Task to carry out: Select and reproduce each line of the listing below that bears the string "frac".

Task material:
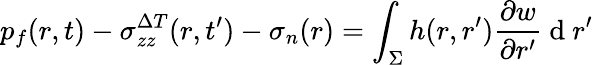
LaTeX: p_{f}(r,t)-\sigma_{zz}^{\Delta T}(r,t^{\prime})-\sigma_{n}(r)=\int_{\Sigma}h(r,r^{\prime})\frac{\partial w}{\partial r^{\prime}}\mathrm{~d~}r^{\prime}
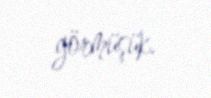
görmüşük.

...

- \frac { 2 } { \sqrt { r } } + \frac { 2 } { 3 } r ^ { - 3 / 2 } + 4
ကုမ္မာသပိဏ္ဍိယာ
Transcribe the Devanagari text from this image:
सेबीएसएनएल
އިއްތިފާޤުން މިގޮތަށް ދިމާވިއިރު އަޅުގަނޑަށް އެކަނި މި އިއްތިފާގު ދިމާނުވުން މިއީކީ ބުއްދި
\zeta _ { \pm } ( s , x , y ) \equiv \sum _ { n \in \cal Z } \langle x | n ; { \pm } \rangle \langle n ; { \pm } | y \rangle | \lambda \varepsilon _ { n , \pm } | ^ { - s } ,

Solution below:
LaTeX: p_{f}(r,t)-\sigma_{zz}^{\Delta T}(r,t^{\prime})-\sigma_{n}(r)=\int_{\Sigma}h(r,r^{\prime})\frac{\partial w}{\partial r^{\prime}}\mathrm{~d~}r^{\prime}
- \frac { 2 } { \sqrt { r } } + \frac { 2 } { 3 } r ^ { - 3 / 2 } + 4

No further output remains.